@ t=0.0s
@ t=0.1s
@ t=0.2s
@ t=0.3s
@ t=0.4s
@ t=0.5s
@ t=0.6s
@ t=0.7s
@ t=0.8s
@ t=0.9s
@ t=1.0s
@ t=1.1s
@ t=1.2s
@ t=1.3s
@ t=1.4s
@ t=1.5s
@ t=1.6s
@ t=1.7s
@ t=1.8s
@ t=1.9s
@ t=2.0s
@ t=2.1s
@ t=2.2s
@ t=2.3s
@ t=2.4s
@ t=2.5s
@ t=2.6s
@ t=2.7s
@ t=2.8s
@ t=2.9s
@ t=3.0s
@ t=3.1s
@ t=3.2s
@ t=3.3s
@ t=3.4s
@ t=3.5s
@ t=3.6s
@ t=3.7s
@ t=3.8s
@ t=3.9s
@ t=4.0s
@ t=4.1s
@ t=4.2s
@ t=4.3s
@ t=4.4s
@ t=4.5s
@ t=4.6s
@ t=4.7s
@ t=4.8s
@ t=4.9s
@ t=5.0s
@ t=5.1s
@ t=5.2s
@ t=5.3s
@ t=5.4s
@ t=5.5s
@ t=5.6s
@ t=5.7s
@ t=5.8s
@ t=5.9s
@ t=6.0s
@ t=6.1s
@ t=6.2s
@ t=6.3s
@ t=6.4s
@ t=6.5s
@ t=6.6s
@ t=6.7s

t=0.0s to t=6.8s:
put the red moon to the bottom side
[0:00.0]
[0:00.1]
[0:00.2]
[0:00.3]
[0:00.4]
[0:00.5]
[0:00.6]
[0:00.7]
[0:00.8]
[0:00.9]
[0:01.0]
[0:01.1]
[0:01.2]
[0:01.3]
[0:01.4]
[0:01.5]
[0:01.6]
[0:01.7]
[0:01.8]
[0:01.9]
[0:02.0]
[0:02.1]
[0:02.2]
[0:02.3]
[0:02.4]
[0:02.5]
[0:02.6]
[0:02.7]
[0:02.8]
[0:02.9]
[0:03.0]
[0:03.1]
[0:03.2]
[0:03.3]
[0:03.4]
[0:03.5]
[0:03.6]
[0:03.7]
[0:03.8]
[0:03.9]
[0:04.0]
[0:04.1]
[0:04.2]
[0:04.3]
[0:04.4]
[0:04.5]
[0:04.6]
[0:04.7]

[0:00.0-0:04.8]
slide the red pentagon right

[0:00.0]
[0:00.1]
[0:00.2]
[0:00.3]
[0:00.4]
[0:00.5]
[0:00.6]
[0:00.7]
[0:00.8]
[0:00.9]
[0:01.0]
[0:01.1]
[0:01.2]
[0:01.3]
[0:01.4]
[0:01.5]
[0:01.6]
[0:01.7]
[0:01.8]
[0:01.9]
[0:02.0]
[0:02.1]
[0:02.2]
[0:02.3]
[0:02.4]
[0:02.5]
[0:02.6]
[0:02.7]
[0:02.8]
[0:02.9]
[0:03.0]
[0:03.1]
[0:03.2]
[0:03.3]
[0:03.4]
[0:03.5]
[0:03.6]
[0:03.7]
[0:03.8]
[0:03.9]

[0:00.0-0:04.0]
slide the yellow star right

========================

**TASK TO COMPLETE:**
All records are to be printed again, exactly and completely.

**EXPECTED OUTPUT:**
@ t=0.0s
@ t=0.1s
@ t=0.2s
@ t=0.3s
@ t=0.4s
@ t=0.5s
@ t=0.6s
@ t=0.7s
@ t=0.8s
@ t=0.9s
@ t=1.0s
@ t=1.1s
@ t=1.2s
@ t=1.3s
@ t=1.4s
@ t=1.5s
@ t=1.6s
@ t=1.7s
@ t=1.8s
@ t=1.9s
@ t=2.0s
@ t=2.1s
@ t=2.2s
@ t=2.3s
@ t=2.4s
@ t=2.5s
@ t=2.6s
@ t=2.7s
@ t=2.8s
@ t=2.9s
@ t=3.0s
@ t=3.1s
@ t=3.2s
@ t=3.3s
@ t=3.4s
@ t=3.5s
@ t=3.6s
@ t=3.7s
@ t=3.8s
@ t=3.9s
@ t=4.0s
@ t=4.1s
@ t=4.2s
@ t=4.3s
@ t=4.4s
@ t=4.5s
@ t=4.6s
@ t=4.7s
@ t=4.8s
@ t=4.9s
@ t=5.0s
@ t=5.1s
@ t=5.2s
@ t=5.3s
@ t=5.4s
@ t=5.5s
@ t=5.6s
@ t=5.7s
@ t=5.8s
@ t=5.9s
@ t=6.0s
@ t=6.1s
@ t=6.2s
@ t=6.3s
@ t=6.4s
@ t=6.5s
@ t=6.6s
@ t=6.7s

t=0.0s to t=6.8s:
put the red moon to the bottom side
[0:00.0]
[0:00.1]
[0:00.2]
[0:00.3]
[0:00.4]
[0:00.5]
[0:00.6]
[0:00.7]
[0:00.8]
[0:00.9]
[0:01.0]
[0:01.1]
[0:01.2]
[0:01.3]
[0:01.4]
[0:01.5]
[0:01.6]
[0:01.7]
[0:01.8]
[0:01.9]
[0:02.0]
[0:02.1]
[0:02.2]
[0:02.3]
[0:02.4]
[0:02.5]
[0:02.6]
[0:02.7]
[0:02.8]
[0:02.9]
[0:03.0]
[0:03.1]
[0:03.2]
[0:03.3]
[0:03.4]
[0:03.5]
[0:03.6]
[0:03.7]
[0:03.8]
[0:03.9]
[0:04.0]
[0:04.1]
[0:04.2]
[0:04.3]
[0:04.4]
[0:04.5]
[0:04.6]
[0:04.7]

[0:00.0-0:04.8]
slide the red pentagon right

[0:00.0]
[0:00.1]
[0:00.2]
[0:00.3]
[0:00.4]
[0:00.5]
[0:00.6]
[0:00.7]
[0:00.8]
[0:00.9]
[0:01.0]
[0:01.1]
[0:01.2]
[0:01.3]
[0:01.4]
[0:01.5]
[0:01.6]
[0:01.7]
[0:01.8]
[0:01.9]
[0:02.0]
[0:02.1]
[0:02.2]
[0:02.3]
[0:02.4]
[0:02.5]
[0:02.6]
[0:02.7]
[0:02.8]
[0:02.9]
[0:03.0]
[0:03.1]
[0:03.2]
[0:03.3]
[0:03.4]
[0:03.5]
[0:03.6]
[0:03.7]
[0:03.8]
[0:03.9]

[0:00.0-0:04.0]
slide the yellow star right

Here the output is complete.